- _Data for the task_

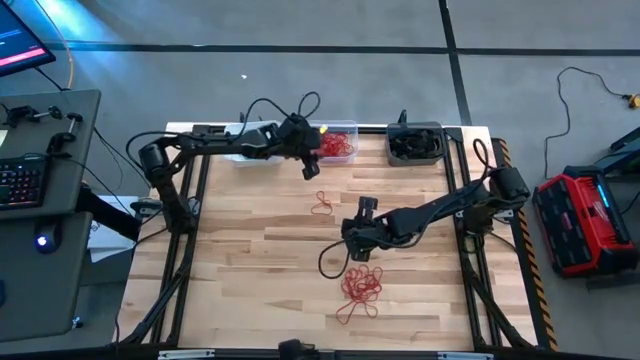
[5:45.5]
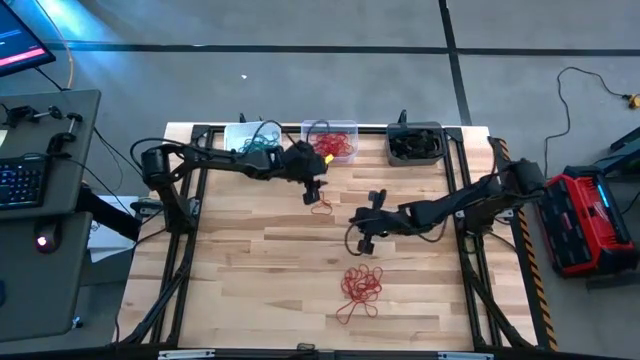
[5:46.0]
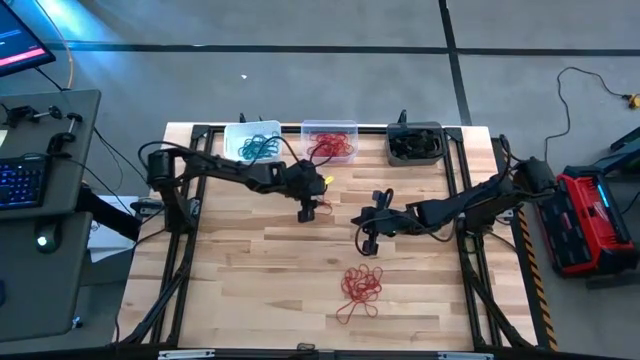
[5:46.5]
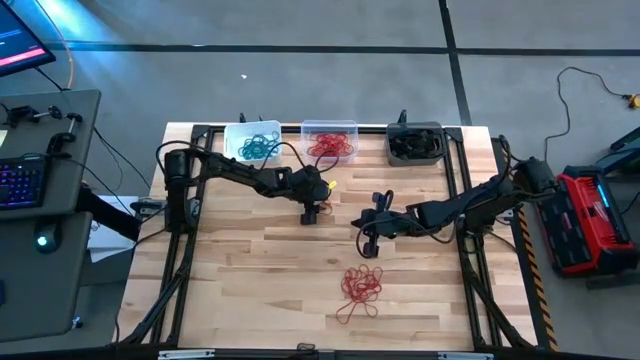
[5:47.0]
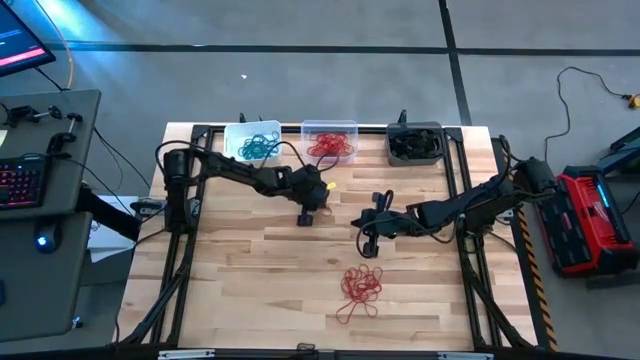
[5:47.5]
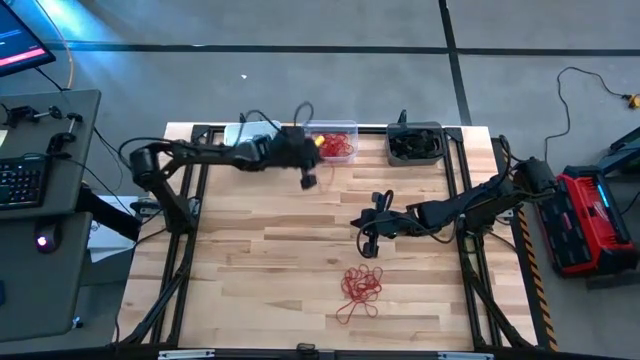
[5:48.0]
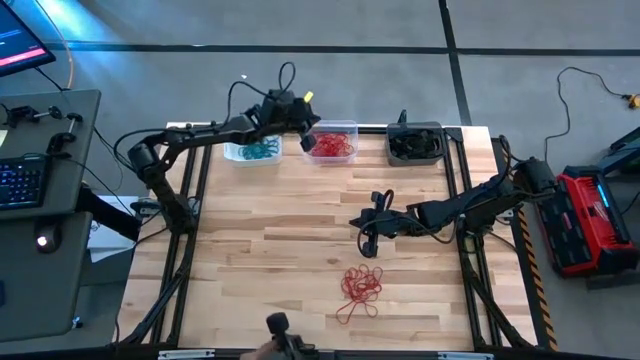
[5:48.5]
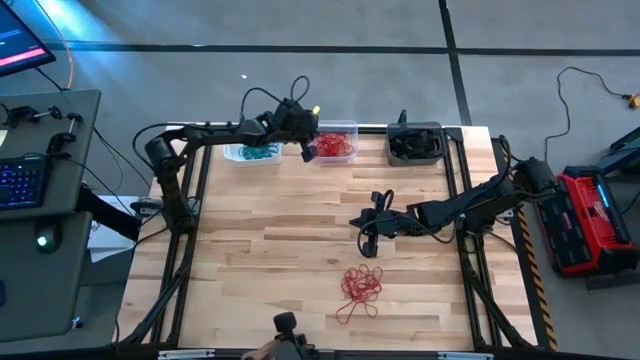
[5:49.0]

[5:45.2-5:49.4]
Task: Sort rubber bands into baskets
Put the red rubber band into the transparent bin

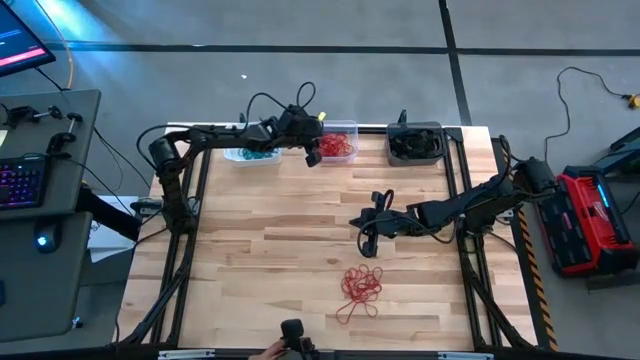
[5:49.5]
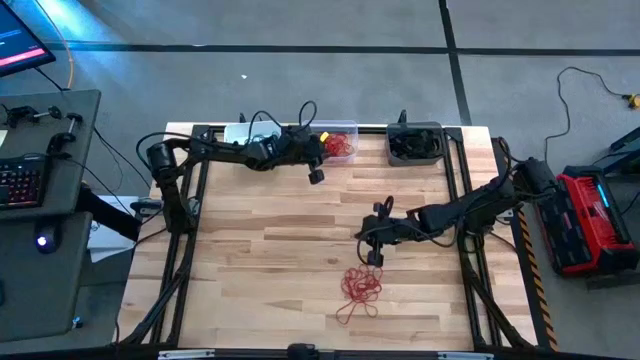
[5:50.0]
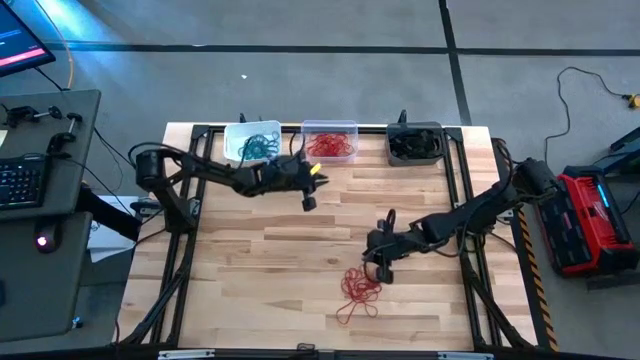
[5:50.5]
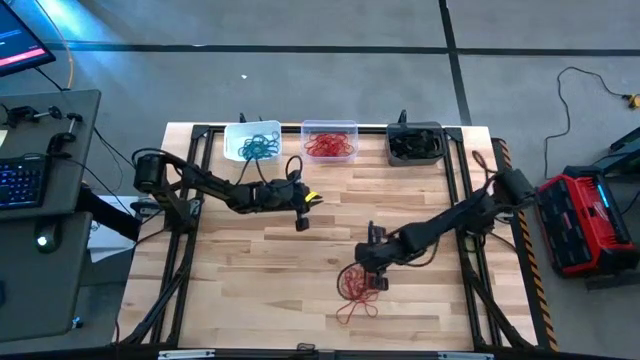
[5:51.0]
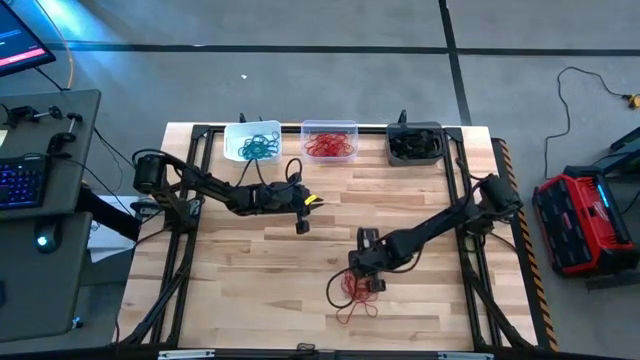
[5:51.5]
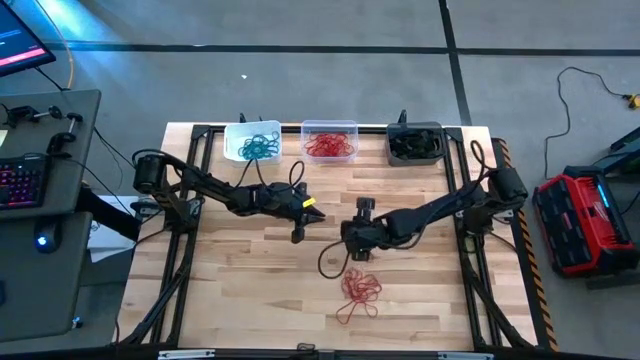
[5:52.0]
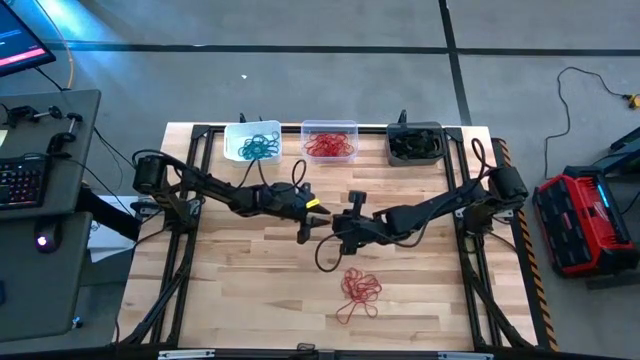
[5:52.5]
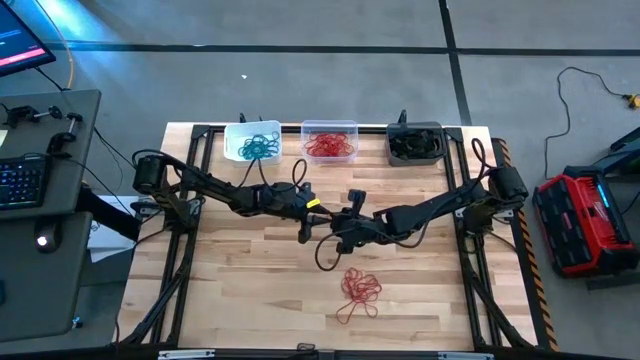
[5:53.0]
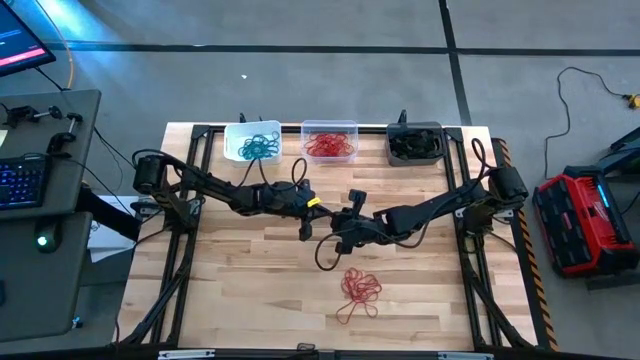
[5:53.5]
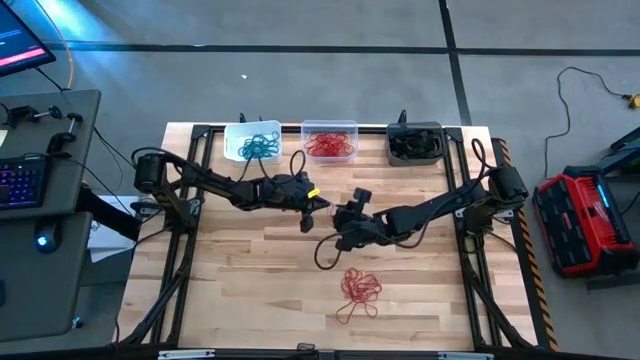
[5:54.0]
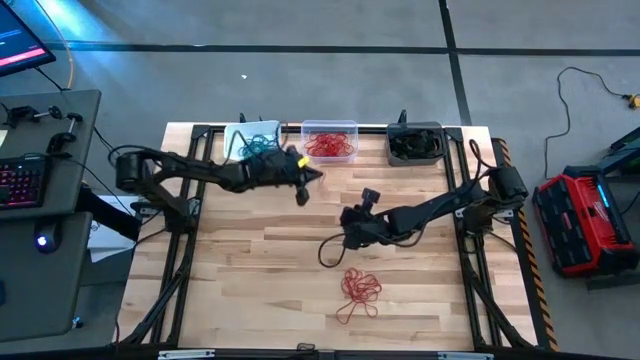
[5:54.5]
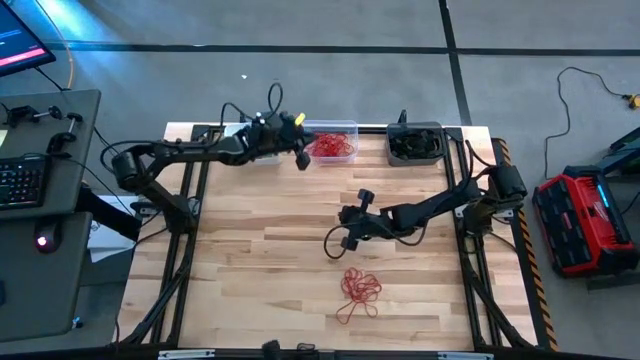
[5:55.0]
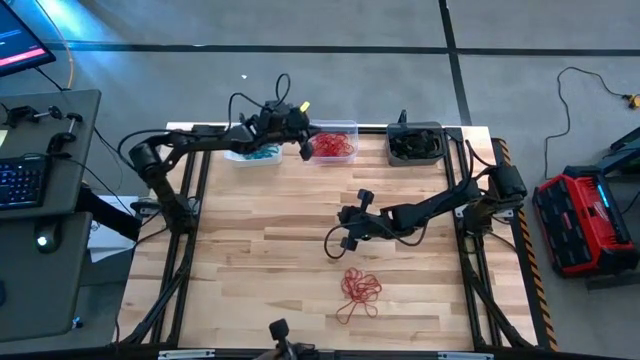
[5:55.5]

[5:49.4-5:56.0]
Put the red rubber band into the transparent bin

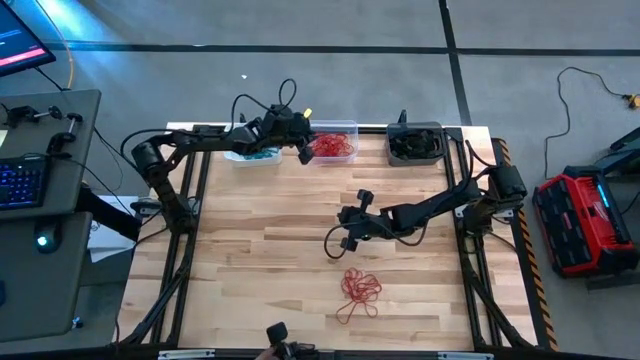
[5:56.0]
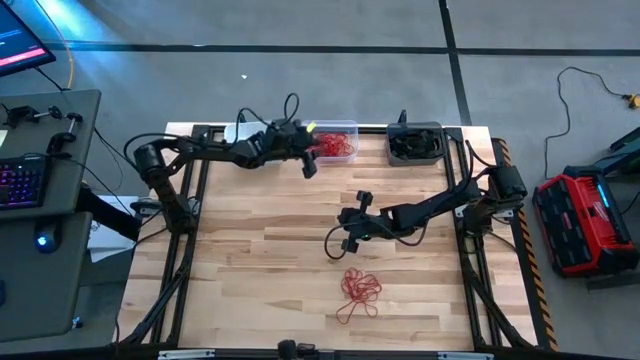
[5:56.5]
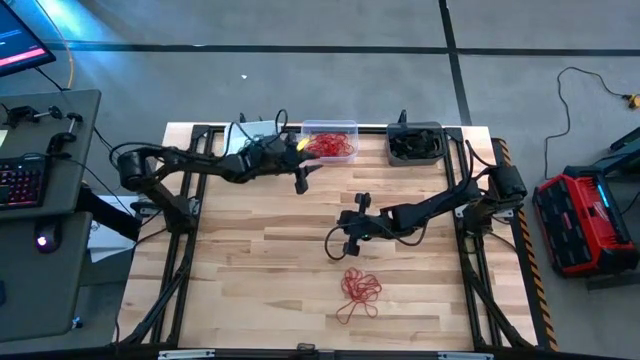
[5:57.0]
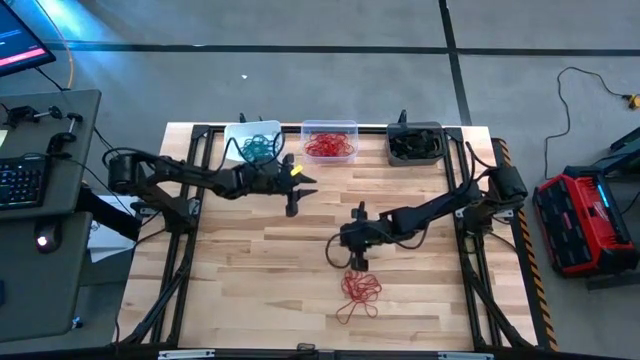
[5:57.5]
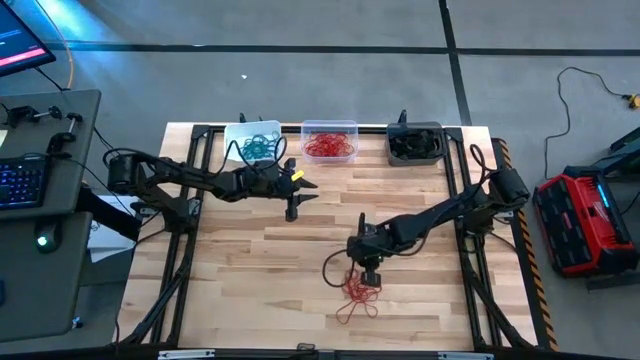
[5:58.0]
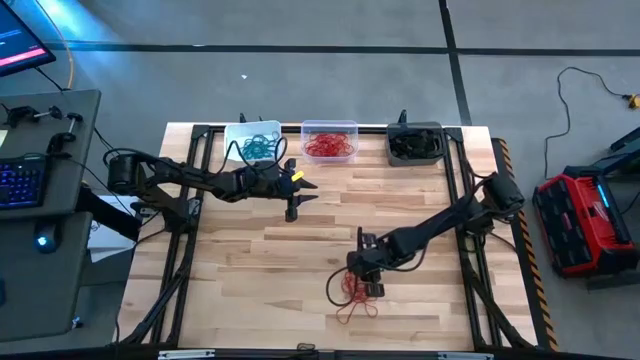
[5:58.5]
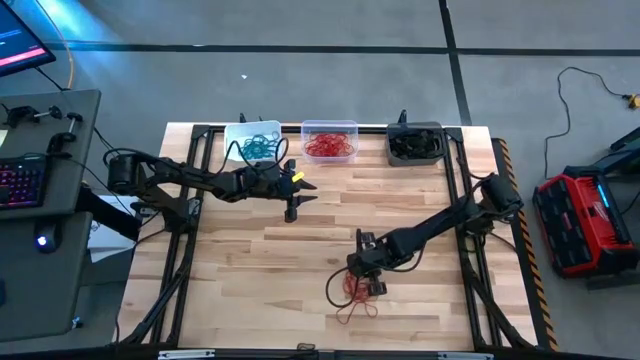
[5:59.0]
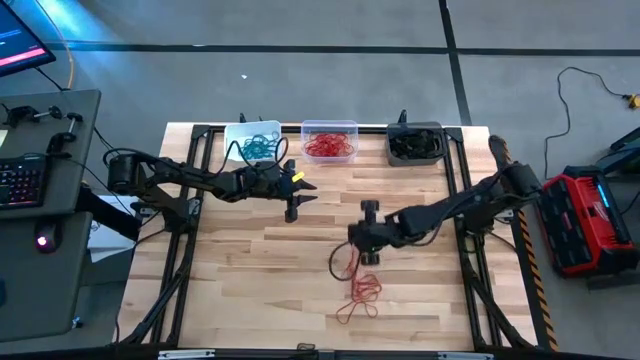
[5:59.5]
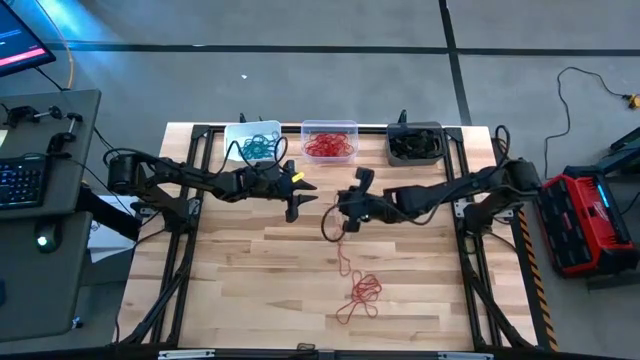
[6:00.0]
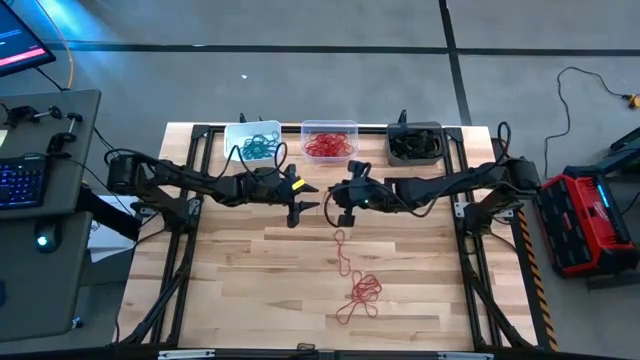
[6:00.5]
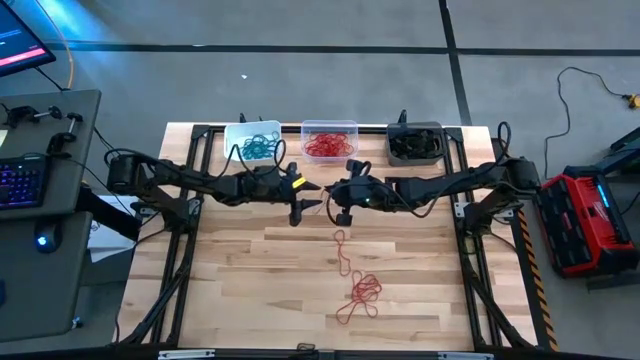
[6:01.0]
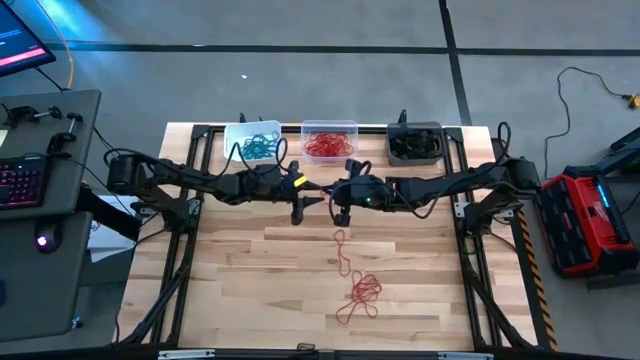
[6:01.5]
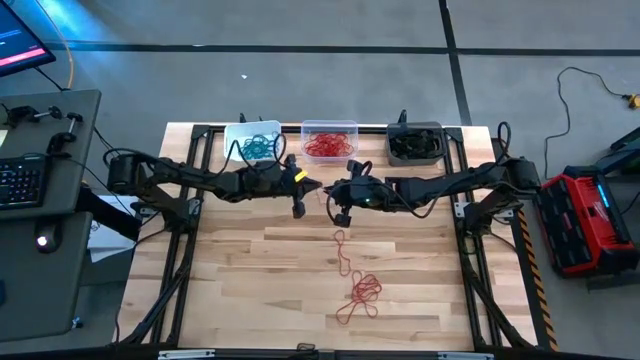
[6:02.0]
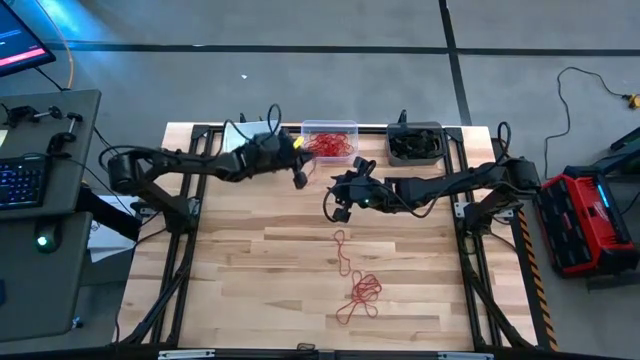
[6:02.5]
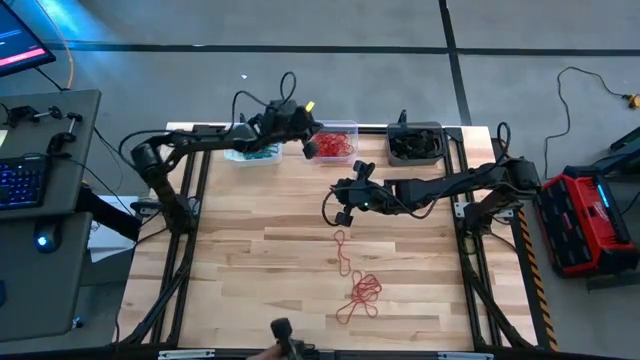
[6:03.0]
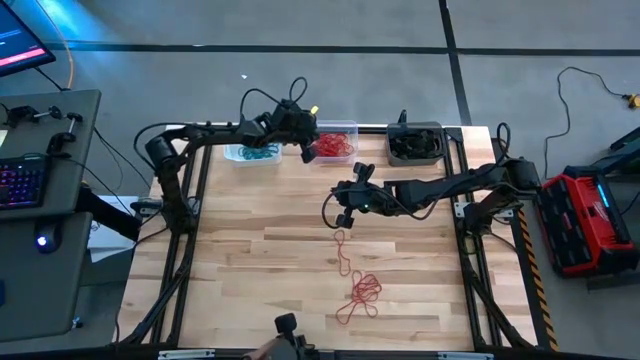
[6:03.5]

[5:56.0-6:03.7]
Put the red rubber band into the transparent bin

- _Exercise directions_
Your copy should match the entries exactly, minus the pictures.

- _Reply_
[5:45.5]
[5:46.0]
[5:46.5]
[5:47.0]
[5:47.5]
[5:48.0]
[5:48.5]
[5:49.0]

[5:45.2-5:49.4]
Task: Sort rubber bands into baskets
Put the red rubber band into the transparent bin

[5:49.5]
[5:50.0]
[5:50.5]
[5:51.0]
[5:51.5]
[5:52.0]
[5:52.5]
[5:53.0]
[5:53.5]
[5:54.0]
[5:54.5]
[5:55.0]
[5:55.5]

[5:49.4-5:56.0]
Put the red rubber band into the transparent bin

[5:56.0]
[5:56.5]
[5:57.0]
[5:57.5]
[5:58.0]
[5:58.5]
[5:59.0]
[5:59.5]
[6:00.0]
[6:00.5]
[6:01.0]
[6:01.5]
[6:02.0]
[6:02.5]
[6:03.0]
[6:03.5]

[5:56.0-6:03.7]
Put the red rubber band into the transparent bin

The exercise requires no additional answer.